*Directions*. Read the records and gather each line that includes "transform".
"""
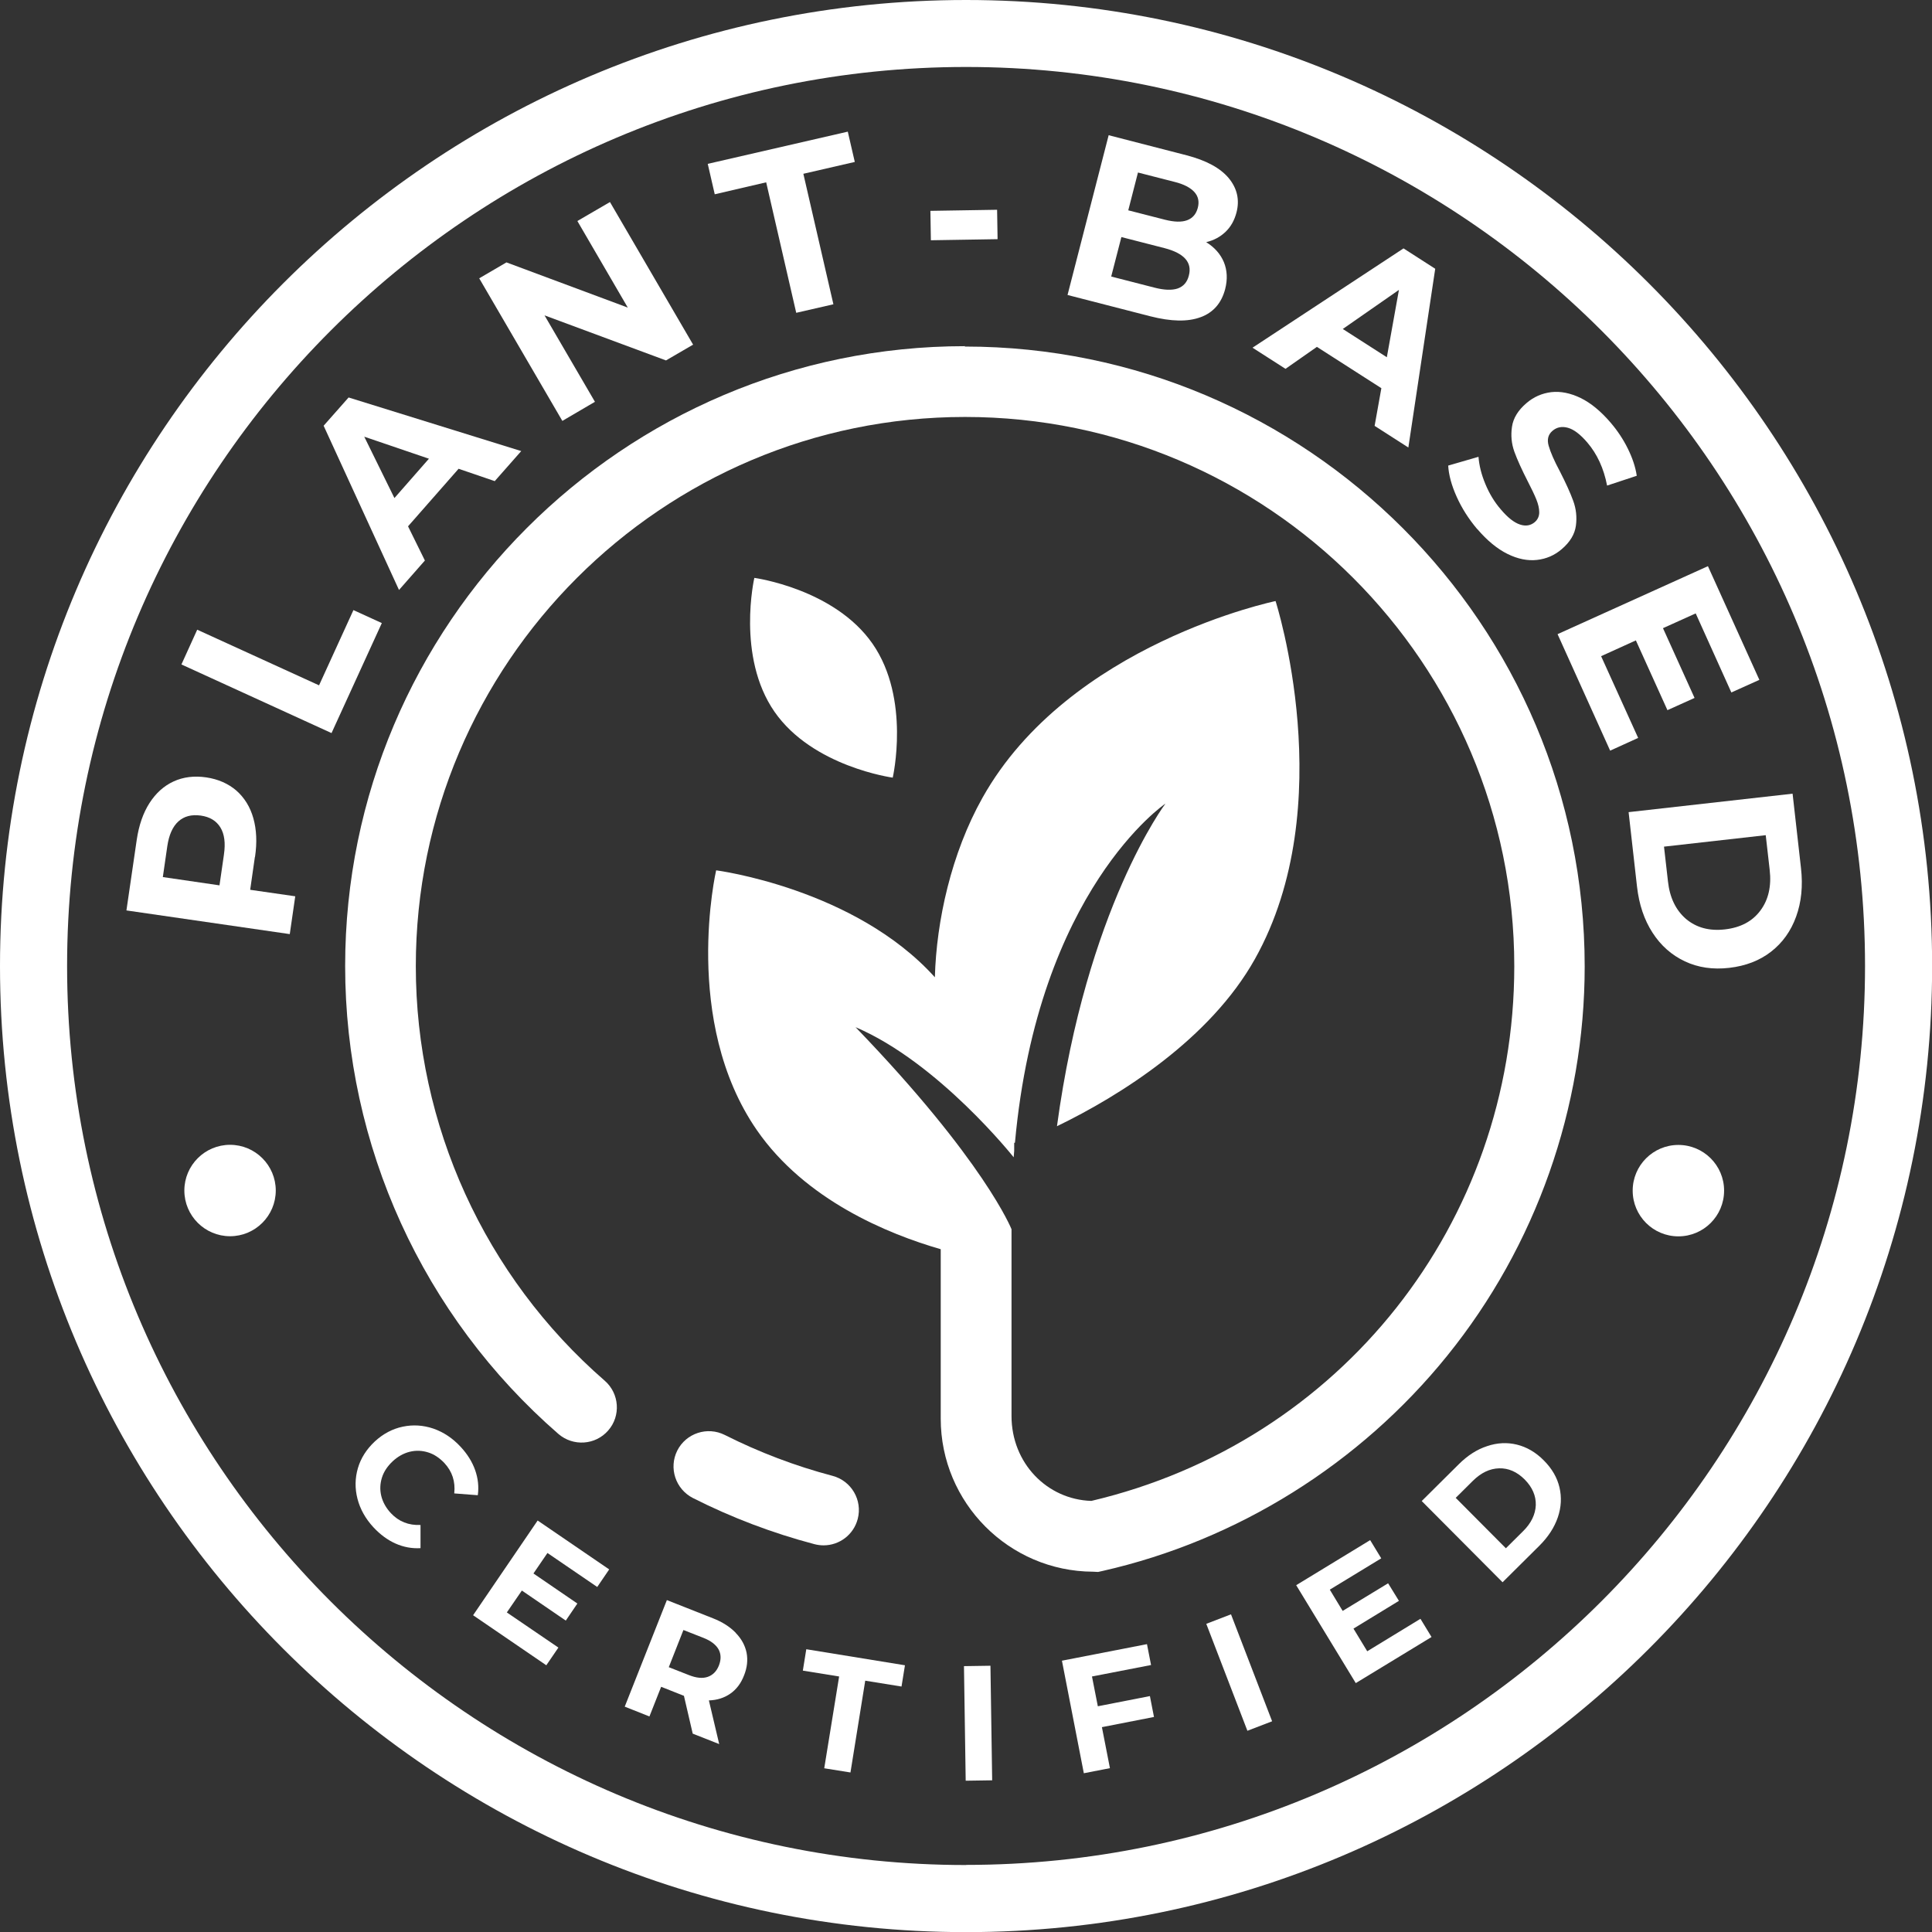 <svg viewBox="0 0 151.75 151.75" xmlns="http://www.w3.org/2000/svg" id="a">
  <rect x="0" y="0" width="151.75" height="151.75" fill="#333333" stroke="none"/>
  <defs>
    <style>
      .cls-1 {
        fill: #fff;
        stroke-width: 0px;
      }
    </style>
  </defs>
  <path d="M20.03,67.31c.17-1.14.12-2.15-.13-3.04-.25-.89-.7-1.61-1.33-2.17-.64-.55-1.43-.9-2.37-1.04-.95-.14-1.81-.03-2.57.32-.76.35-1.39.92-1.89,1.7-.5.78-.83,1.74-1,2.88l-.81,5.55,12.83,1.86.43-2.97-3.54-.51.37-2.58ZM17.59,67.12l-.35,2.42-4.45-.65.35-2.42c.13-.89.42-1.54.87-1.95.45-.41,1.04-.56,1.76-.46.71.1,1.22.41,1.54.93.32.52.41,1.23.28,2.12Z" class="cls-1"></path>
  <polygon points="27.76 47.92 25.06 53.83 15.49 49.46 14.25 52.19 26.04 57.58 29.99 48.94 27.76 47.92" class="cls-1"></polygon>
  <path d="M33.38,44.04l-1.33-2.7,3.97-4.52,2.84.97,2.08-2.36-13.56-4.21-1.96,2.22,5.92,12.9,2.03-2.31ZM28.61,34.3l5.08,1.73-2.71,3.09-2.37-4.82Z" class="cls-1"></path>
  <polygon points="46.73 31.56 42.77 24.77 52.31 28.31 54.44 27.07 47.91 15.87 45.35 17.36 49.31 24.16 39.78 20.61 37.64 21.86 44.17 33.06 46.73 31.56" class="cls-1"></polygon>
  <polygon points="60.18 14.32 62.54 24.57 65.46 23.9 63.1 13.65 67.14 12.72 66.59 10.34 55.59 12.87 56.14 15.26 60.18 14.32" class="cls-1"></polygon>
  <rect transform="translate(-.28 1.23) rotate(-.93)" height="2.31" width="5.24" y="16.52" x="73.1" class="cls-1"></rect>
  <path d="M94.29,24.92c1.01-.37,1.65-1.11,1.94-2.21.2-.78.16-1.48-.1-2.12-.27-.64-.73-1.16-1.39-1.57.6-.14,1.1-.41,1.52-.81.42-.4.7-.91.86-1.52.26-1,.05-1.9-.61-2.7-.67-.8-1.77-1.39-3.3-1.79l-6.13-1.58-3.23,12.55,6.49,1.67c1.64.42,2.96.45,3.97.07ZM89.38,13.55l2.89.74c.72.18,1.23.45,1.54.79.31.34.4.76.27,1.25-.13.49-.41.81-.84.97-.44.16-1.01.14-1.73-.04l-2.89-.74.76-2.96ZM88.08,18.62l3.39.87c1.54.4,2.18,1.12,1.91,2.15-.13.53-.43.86-.88,1.02-.45.15-1.06.13-1.83-.07l-3.39-.87.8-3.1Z" class="cls-1"></path>
  <path d="M103.43,27.24l5.07,3.25-.53,2.96,2.65,1.7,2.11-14.04-2.49-1.6-11.86,7.8,2.59,1.66,2.46-1.72ZM109.88,22.77l-.95,5.29-3.46-2.22,4.41-3.07Z" class="cls-1"></path>
  <path d="M116.04,41.56c.77.9,1.56,1.55,2.37,1.95.81.4,1.58.55,2.31.47.73-.08,1.38-.36,1.94-.84.66-.56,1.03-1.18,1.12-1.85.09-.67.02-1.32-.21-1.95-.23-.63-.58-1.4-1.04-2.3-.46-.86-.75-1.53-.89-2.03-.14-.49-.04-.88.3-1.17.34-.29.74-.37,1.21-.24.47.13.97.51,1.52,1.15.78.91,1.3,2.04,1.56,3.39l2.33-.77c-.1-.69-.34-1.4-.7-2.13-.36-.73-.81-1.41-1.35-2.04-.77-.9-1.56-1.55-2.36-1.94-.81-.39-1.57-.54-2.3-.46-.73.09-1.38.37-1.95.86-.66.56-1.04,1.18-1.14,1.86-.1.68-.04,1.33.19,1.97.23.63.58,1.4,1.04,2.3.3.58.53,1.06.68,1.43.15.37.23.71.23,1.02,0,.31-.12.57-.35.77-.32.27-.71.34-1.16.19-.46-.15-.96-.54-1.51-1.19-.5-.58-.9-1.24-1.21-1.99-.31-.74-.49-1.46-.54-2.14l-2.38.69c.04.73.26,1.55.67,2.46.41.91.95,1.75,1.61,2.53Z" class="cls-1"></path>
  <polygon points="125.76 51.54 128.49 50.3 130.97 55.78 133.1 54.82 130.62 49.34 133.19 48.18 135.99 54.39 138.19 53.4 134.15 44.47 122.34 49.81 126.47 58.96 128.67 57.96 125.76 51.54" class="cls-1"></polygon>
  <path d="M141.46,68.19l-.66-5.85-12.88,1.45.66,5.85c.16,1.4.56,2.6,1.22,3.62.65,1.01,1.5,1.76,2.54,2.25,1.04.49,2.2.66,3.49.51,1.29-.15,2.38-.57,3.28-1.27.9-.7,1.56-1.62,1.97-2.76.41-1.13.54-2.4.38-3.8ZM138.27,71.52c-.63.85-1.56,1.34-2.79,1.48-1.23.14-2.24-.14-3.05-.82-.8-.69-1.28-1.67-1.42-2.96l-.31-2.72,7.99-.9.31,2.72c.15,1.29-.1,2.36-.73,3.2Z" class="cls-1"></path>
  <path d="M37.53,117.44c.09-.66.02-1.32-.21-1.97-.23-.65-.61-1.26-1.14-1.83-.63-.68-1.34-1.15-2.14-1.43-.8-.27-1.6-.32-2.41-.15-.81.17-1.54.56-2.19,1.16-.65.61-1.1,1.31-1.33,2.1-.23.79-.24,1.6-.03,2.41.21.81.63,1.56,1.25,2.23.53.57,1.11,1,1.74,1.28.63.28,1.29.4,1.96.36v-1.82c-.94.04-1.71-.27-2.33-.93-.38-.41-.63-.86-.75-1.34-.12-.49-.1-.97.05-1.45.15-.48.44-.9.84-1.28.41-.38.86-.63,1.34-.75.49-.12.97-.1,1.45.05.48.15.9.44,1.28.84.61.66.87,1.45.77,2.38l1.81.14Z" class="cls-1"></path>
  <polygon points="37.16 126.87 42.91 130.8 43.86 129.41 39.81 126.65 40.99 124.93 44.44 127.29 45.35 125.95 41.9 123.59 43 121.98 46.91 124.65 47.85 123.27 42.23 119.43 37.16 126.87" class="cls-1"></polygon>
  <path d="M57.78,128.24c-.45-.46-1.04-.84-1.78-1.13l-3.62-1.43-3.31,8.37,1.94.77.92-2.33,1.69.67.1.04.69,2.97,2.08.82-.81-3.43c.64-.02,1.21-.2,1.68-.53.48-.33.84-.81,1.08-1.43.25-.62.31-1.22.2-1.79-.12-.57-.4-1.09-.85-1.55ZM56.47,130.81c-.18.46-.48.76-.88.9-.4.14-.9.09-1.48-.14l-1.58-.62,1.15-2.92,1.58.62c.58.23.97.53,1.18.9.2.37.21.79.03,1.26Z" class="cls-1"></path>
  <polygon points="63.06 131.22 65.91 131.68 64.74 138.89 66.8 139.22 67.96 132.01 70.81 132.47 71.08 130.8 63.33 129.54 63.06 131.22" class="cls-1"></polygon>
  <rect transform="translate(-2.01 1.16) rotate(-.86)" height="9" width="2.08" y="130.86" x="75.77" class="cls-1"></rect>
  <polygon points="90.32 133.22 86.23 134.02 85.77 131.68 90.41 130.78 90.09 129.14 83.41 130.44 85.13 139.28 87.18 138.88 86.55 135.66 90.64 134.86 90.32 133.22" class="cls-1"></polygon>
  <rect transform="translate(-40.66 43.67) rotate(-21.03)" height="9" width="2.08" y="126.88" x="96.29" class="cls-1"></rect>
  <polygon points="107.39 129.7 106.31 127.92 109.88 125.74 109.03 124.36 105.46 126.53 104.45 124.86 108.49 122.4 107.62 120.97 101.81 124.51 106.49 132.2 112.44 128.58 111.57 127.15 107.39 129.7" class="cls-1"></polygon>
  <path d="M121.26,114.71c-.63-.64-1.34-1.05-2.11-1.24-.77-.19-1.56-.15-2.35.12-.8.26-1.54.74-2.23,1.43l-2.9,2.88,6.35,6.38,2.9-2.88c.69-.69,1.17-1.43,1.44-2.22.27-.79.31-1.58.13-2.35-.18-.77-.59-1.48-1.23-2.12ZM119.63,120.27l-1.35,1.34-3.94-3.96,1.35-1.34c.64-.63,1.32-.96,2.06-.98.73-.02,1.4.27,2.01.88.6.61.89,1.28.87,2.01-.03.73-.36,1.42-1,2.05Z" class="cls-1"></path>
  <path d="M70.12,61.08s1.42-6.18-1.58-10.51c-3-4.33-9.29-5.18-9.29-5.18,0,0-1.42,6.18,1.58,10.51,3,4.33,9.29,5.18,9.29,5.18Z" class="cls-1"></path>
  <path d="M18.07,89.92c-1.98,0-3.59,1.61-3.59,3.59s1.61,3.59,3.59,3.59,3.59-1.61,3.59-3.59-1.61-3.59-3.59-3.59Z" class="cls-1"></path>
  <circle r="3.59" cy="93.52" cx="131.83" class="cls-1"></circle>
  <path d="M75.88,0C34.04,0,0,34.04,0,75.88s34.04,75.88,75.88,75.88,75.88-34.04,75.88-75.88S117.71,0,75.88,0ZM75.88,146.49c-38.94,0-70.61-31.68-70.61-70.61S36.94,5.26,75.88,5.26s70.61,31.68,70.61,70.61-31.68,70.61-70.61,70.61Z" class="cls-1"></path>
  <path d="M63.98,121.29c.24.06.47.09.71.09,1.23,0,2.35-.82,2.68-2.07.39-1.48-.5-3-1.98-3.39-2.92-.77-5.76-1.85-8.46-3.21-1.37-.69-3.04-.14-3.73,1.22-.69,1.37-.14,3.03,1.22,3.73,3.04,1.54,6.26,2.76,9.56,3.63Z" class="cls-1"></path>
  <path d="M75.8,27.19c-26.85,0-48.69,21.84-48.69,48.69,0,14.1,6.1,27.49,16.75,36.75,1.16,1,2.91.88,3.91-.27,1.01-1.15.88-2.91-.27-3.91-9.43-8.2-14.84-20.07-14.84-32.56,0-23.79,19.35-43.14,43.14-43.14s43.14,19.35,43.14,43.14c0,20.17-13.64,37.39-33.22,42-3.48-.11-6.27-2.97-6.27-6.67v-14.67s-2.11-5.36-12.25-15.87c6.52,2.78,12.42,10.22,12.42,10.22.01-.17.03-.33.04-.5v-.63s.04-.01.06-.02c1.81-19.88,11.82-26.63,11.82-26.63,0,0-6.2,8.21-8.52,25.34,5.02-2.43,12.03-6.86,15.54-13.12,6.79-12.1,1.63-28.13,1.63-28.13,0,0-16.24,3.35-23.02,15.45-2.45,4.36-3.62,9.68-3.74,14.1-6.3-6.99-17.18-8.4-17.18-8.4,0,0-2.73,11.83,3.2,20.41,3.8,5.49,10.28,8.15,14.44,9.35v13.31c0,6.61,5.36,11.99,11.96,12.02l.4.02.36-.08c10.59-2.4,20.2-8.41,27.06-16.9,6.97-8.62,10.8-19.48,10.8-30.58,0-26.85-21.84-48.69-48.69-48.69Z" class="cls-1"></path>
</svg>
"""
*Final answer*.
  <rect transform="translate(-.28 1.23) rotate(-.93)" height="2.31" width="5.24" y="16.52" x="73.1" class="cls-1"></rect>
  <rect transform="translate(-2.01 1.16) rotate(-.86)" height="9" width="2.08" y="130.86" x="75.77" class="cls-1"></rect>
  <rect transform="translate(-40.66 43.67) rotate(-21.03)" height="9" width="2.08" y="126.88" x="96.29" class="cls-1"></rect>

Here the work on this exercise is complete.